Correlation Between Swan Defined and Ashmore Emerging
Can any of the company-specific risk be diversified away by investing in both Swan Defined and Ashmore Emerging at the same time? Although using a correlation coefficient on its own may not help to predict future stock returns, this module helps to understand the diversifiable risk of combining Swan Defined and Ashmore Emerging into the same portfolio, which is an essential part of the fundamental portfolio management process.
By analyzing existing cross correlation between Swan Defined Risk and Ashmore Emerging Markets, you can compare the effects of market volatilities on Swan Defined and Ashmore Emerging and check how they will diversify away market risk if combined in the same portfolio for a given time horizon. You can also utilize pair trading strategies of matching a long position in Swan Defined with a short position of Ashmore Emerging. Check out your portfolio center. Please also check ongoing floating volatility patterns of Swan Defined and Ashmore Emerging.

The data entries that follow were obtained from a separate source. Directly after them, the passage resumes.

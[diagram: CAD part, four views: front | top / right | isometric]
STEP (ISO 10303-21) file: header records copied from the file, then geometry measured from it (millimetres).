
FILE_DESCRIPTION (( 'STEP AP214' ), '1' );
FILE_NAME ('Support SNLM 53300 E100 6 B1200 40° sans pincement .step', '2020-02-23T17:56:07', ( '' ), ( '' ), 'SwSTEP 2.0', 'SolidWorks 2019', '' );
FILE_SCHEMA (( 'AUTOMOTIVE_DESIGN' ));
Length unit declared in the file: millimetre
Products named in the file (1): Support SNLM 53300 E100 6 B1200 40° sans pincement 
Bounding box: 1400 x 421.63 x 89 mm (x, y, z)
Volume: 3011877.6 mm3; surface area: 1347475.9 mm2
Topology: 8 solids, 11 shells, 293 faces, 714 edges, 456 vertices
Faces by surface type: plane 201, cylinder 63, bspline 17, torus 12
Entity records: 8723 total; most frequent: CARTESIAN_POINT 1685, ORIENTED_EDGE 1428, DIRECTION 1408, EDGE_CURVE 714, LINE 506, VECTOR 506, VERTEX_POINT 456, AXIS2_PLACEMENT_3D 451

Diversification Opportunities for Swan Defined and Ashmore Emerging
0.33 | Correlation Coefficient |
Weak diversification
The 3 months correlation between Swan and Ashmore is 0.33. Overlapping area represents the amount of risk that can be diversified away by holding Swan Defined Risk and Ashmore Emerging Markets in the same portfolio, assuming nothing else is changed. The correlation between historical prices or returns on Ashmore Emerging Markets and Swan Defined is a relative statistical measure of the degree to which these equity instruments tend to move together. The correlation coefficient measures the extent to which returns on Swan Defined Risk are associated (or correlated) with Ashmore Emerging. Values of the correlation coefficient range from -1 to +1, where. The correlation of zero (0) is possible when the price movement of Ashmore Emerging Markets has no effect on the direction of Swan Defined i.e., Swan Defined and Ashmore Emerging go up and down completely randomly.

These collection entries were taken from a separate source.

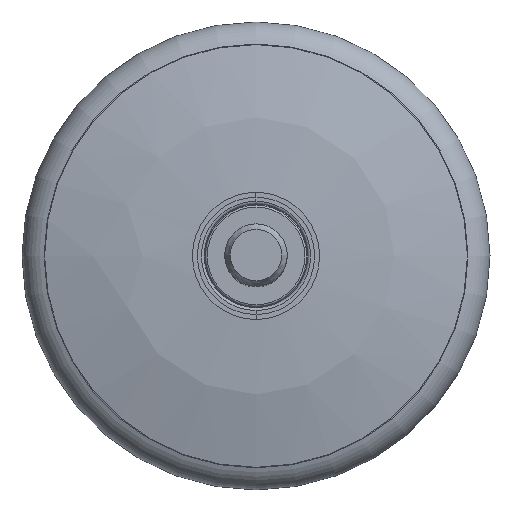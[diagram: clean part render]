
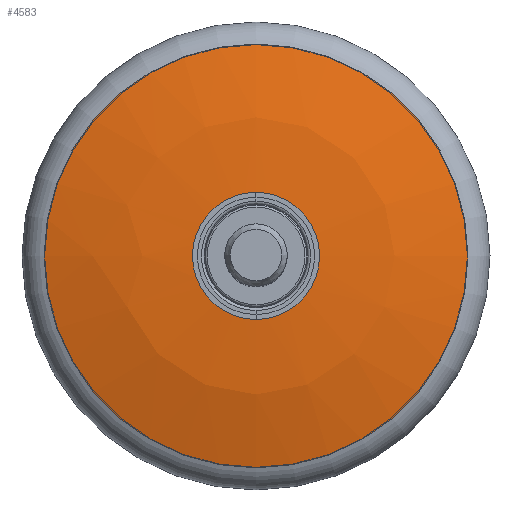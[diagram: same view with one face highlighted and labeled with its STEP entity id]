
A CAD part, top view. The second image highlights one B-rep face of the part: STEP entity #4583.
In plain terms, the highlighted free-form (B-spline) face has degree [2, 2] with [3, 9] control points.
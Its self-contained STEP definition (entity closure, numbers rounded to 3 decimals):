
#626=FACE_OUTER_BOUND('',#952,.T.);
#952=EDGE_LOOP('',(#3101,#3102,#3103,#3104,#3105,#3106,#3107));
#1294=CIRCLE('',#5041,16.307);
#1296=CIRCLE('',#5043,16.307);
#1297=CIRCLE('',#5044,130.);
#1298=CIRCLE('',#5045,54.339);
#1299=CIRCLE('',#5046,54.339);
#1300=CIRCLE('',#5047,16.307);
#1890=VERTEX_POINT('',#7461);
#1892=VERTEX_POINT('',#7464);
#1894=VERTEX_POINT('',#7496);
#1895=VERTEX_POINT('',#7498);
#1896=VERTEX_POINT('',#7500);
#2373=EDGE_CURVE('',#1892,#1890,#1294,.T.);
#2376=EDGE_CURVE('',#1890,#1894,#1296,.T.);
#2377=EDGE_CURVE('',#1894,#1895,#1297,.T.);
#2378=EDGE_CURVE('',#1896,#1895,#1298,.T.);
#2379=EDGE_CURVE('',#1895,#1896,#1299,.T.);
#2380=EDGE_CURVE('',#1894,#1892,#1300,.T.);
#3101=ORIENTED_EDGE('',*,*,#2373,.T.);
#3102=ORIENTED_EDGE('',*,*,#2376,.T.);
#3103=ORIENTED_EDGE('',*,*,#2377,.T.);
#3104=ORIENTED_EDGE('',*,*,#2378,.F.);
#3105=ORIENTED_EDGE('',*,*,#2379,.F.);
#3106=ORIENTED_EDGE('',*,*,#2377,.F.);
#3107=ORIENTED_EDGE('',*,*,#2380,.T.);
#4544=(
BOUNDED_SURFACE()
B_SPLINE_SURFACE(2,2,((#7469,#7470,#7471,#7472,#7473,#7474,#7475,#7476,
#7477),(#7478,#7479,#7480,#7481,#7482,#7483,#7484,#7485,#7486),(#7487,#7488,
#7489,#7490,#7491,#7492,#7493,#7494,#7495)),.UNSPECIFIED.,.F.,.T.,.F.)
B_SPLINE_SURFACE_WITH_KNOTS((3,3),(3,2,2,2,3),(1.274,1.571),
(-3.142,-1.571,0.,1.571,3.142),
 .UNSPECIFIED.)
GEOMETRIC_REPRESENTATION_ITEM()
RATIONAL_B_SPLINE_SURFACE(((1.,0.707,1.,0.707,1.,
0.707,1.,0.707,1.),(0.989,0.699,
0.989,0.699,0.989,0.699,
0.989,0.699,0.989),(1.,0.707,
1.,0.707,1.,0.707,1.,0.707,1.)))
REPRESENTATION_ITEM('')
SURFACE()
);
#4583=ADVANCED_FACE('',(#626),#4544,.F.);
#5041=AXIS2_PLACEMENT_3D('',#7465,#5800,#5801);
#5043=AXIS2_PLACEMENT_3D('',#7497,#5805,#5806);
#5044=AXIS2_PLACEMENT_3D('',#7499,#5807,#5808);
#5045=AXIS2_PLACEMENT_3D('',#7501,#5809,#5810);
#5046=AXIS2_PLACEMENT_3D('',#7502,#5811,#5812);
#5047=AXIS2_PLACEMENT_3D('',#7503,#5813,#5814);
#5800=DIRECTION('center_axis',(0.,0.,
-1.));
#5801=DIRECTION('ref_axis',(0.,1.,0.));
#5805=DIRECTION('center_axis',(0.,0.,
-1.));
#5806=DIRECTION('ref_axis',(0.,1.,0.));
#5807=DIRECTION('center_axis',(0.,-1.,0.));
#5808=DIRECTION('ref_axis',(-1.,0.,0.));
#5809=DIRECTION('center_axis',(0.,0.,
-1.));
#5810=DIRECTION('ref_axis',(0.,1.,0.));
#5811=DIRECTION('center_axis',(0.,0.,
-1.));
#5812=DIRECTION('ref_axis',(0.,1.,0.));
#5813=DIRECTION('center_axis',(0.,0.,
-1.));
#5814=DIRECTION('ref_axis',(0.,1.,0.));
#7461=CARTESIAN_POINT('',(0.,-16.307,9.509));
#7464=CARTESIAN_POINT('',(0.,16.307,9.509));
#7465=CARTESIAN_POINT('Origin',(0.,0.,
9.509));
#7469=CARTESIAN_POINT('Ctrl Pts',(-54.339,0.,
3.822));
#7470=CARTESIAN_POINT('Ctrl Pts',(-54.339,-54.339,3.822));
#7471=CARTESIAN_POINT('Ctrl Pts',(0.,-54.339,
3.822));
#7472=CARTESIAN_POINT('Ctrl Pts',(54.339,-54.339,3.822));
#7473=CARTESIAN_POINT('Ctrl Pts',(54.339,0.,
3.822));
#7474=CARTESIAN_POINT('Ctrl Pts',(54.339,54.339,3.822));
#7475=CARTESIAN_POINT('Ctrl Pts',(0.,54.339,
3.822));
#7476=CARTESIAN_POINT('Ctrl Pts',(-54.339,54.339,3.822));
#7477=CARTESIAN_POINT('Ctrl Pts',(-54.339,0.,
3.822));
#7478=CARTESIAN_POINT('Ctrl Pts',(-35.748,0.,
9.509));
#7479=CARTESIAN_POINT('Ctrl Pts',(-35.748,-35.748,9.509));
#7480=CARTESIAN_POINT('Ctrl Pts',(0.,-35.748,
9.509));
#7481=CARTESIAN_POINT('Ctrl Pts',(35.748,-35.748,9.509));
#7482=CARTESIAN_POINT('Ctrl Pts',(35.748,0.,
9.509));
#7483=CARTESIAN_POINT('Ctrl Pts',(35.748,35.748,9.509));
#7484=CARTESIAN_POINT('Ctrl Pts',(0.,35.748,
9.509));
#7485=CARTESIAN_POINT('Ctrl Pts',(-35.748,35.748,9.509));
#7486=CARTESIAN_POINT('Ctrl Pts',(-35.748,0.,
9.509));
#7487=CARTESIAN_POINT('Ctrl Pts',(-16.307,0.,
9.509));
#7488=CARTESIAN_POINT('Ctrl Pts',(-16.307,-16.307,9.509));
#7489=CARTESIAN_POINT('Ctrl Pts',(0.,-16.307,
9.509));
#7490=CARTESIAN_POINT('Ctrl Pts',(16.307,-16.307,9.509));
#7491=CARTESIAN_POINT('Ctrl Pts',(16.307,0.,
9.509));
#7492=CARTESIAN_POINT('Ctrl Pts',(16.307,16.307,9.509));
#7493=CARTESIAN_POINT('Ctrl Pts',(0.,16.307,
9.509));
#7494=CARTESIAN_POINT('Ctrl Pts',(-16.307,16.307,9.509));
#7495=CARTESIAN_POINT('Ctrl Pts',(-16.307,0.,
9.509));
#7496=CARTESIAN_POINT('',(-16.307,0.,9.509));
#7497=CARTESIAN_POINT('Origin',(0.,0.,
9.509));
#7498=CARTESIAN_POINT('',(-54.339,0.,3.822));
#7499=CARTESIAN_POINT('Origin',(-16.307,0.,
-120.491));
#7500=CARTESIAN_POINT('',(0.,-54.339,3.822));
#7501=CARTESIAN_POINT('Origin',(0.,0.,
3.822));
#7502=CARTESIAN_POINT('Origin',(0.,0.,
3.822));
#7503=CARTESIAN_POINT('Origin',(0.,0.,
9.509));

Pair Corralation between Swan Defined and Ashmore Emerging
Assuming the 90 days horizon Swan Defined is expected to generate 2.59 times less return on investment than Ashmore Emerging. In addition to that, Swan Defined is 1.59 times more volatile than Ashmore Emerging Markets. It trades about 0.02 of its total potential returns per unit of risk. Ashmore Emerging Markets is currently generating about 0.08 per unit of volatility. If you would invest 717.00 in Ashmore Emerging Markets on November 2, 2024 and sell it today you would earn a total of 116.00 from holding Ashmore Emerging Markets or generate 16.18% return on investment over 90 days.
Time Period | 3 Months [change] |
Direction | Moves Together |
Strength | Very Weak |
Accuracy | 100.0% |
Values | Daily Returns |
Swan Defined Risk vs. Ashmore Emerging Markets
Performance |
Timeline |
Swan Defined Risk |
Ashmore Emerging Markets |
Swan Defined and Ashmore Emerging Volatility Contrast
Predicted Return Density |
Returns |
Pair Trading with Swan Defined and Ashmore Emerging
The main advantage of trading using opposite Swan Defined and Ashmore Emerging positions is that it hedges away some unsystematic risk. Because of two separate transactions, even if Swan Defined position performs unexpectedly, Ashmore Emerging can make up some of the losses. Pair trading also minimizes risk from directional movements in the market. For example, if an entire industry or sector drops because of unexpected headlines, the short position in Ashmore Emerging will offset losses from the drop in Ashmore Emerging's long position.Swan Defined vs. Federated Government Income | Swan Defined vs. Intermediate Government Bond | Swan Defined vs. Payden Government Fund | Swan Defined vs. Aig Government Money |
Ashmore Emerging vs. Qs Global Equity | Ashmore Emerging vs. Ultra Short Fixed Income | Ashmore Emerging vs. Gmo International Equity | Ashmore Emerging vs. Doubleline Core Fixed |
Check out your portfolio center.Note that this page's information should be used as a complementary analysis to find the right mix of equity instruments to add to your existing portfolios or create a brand new portfolio. You can also try the AI Portfolio Architect module to use AI to generate optimal portfolios and find profitable investment opportunities.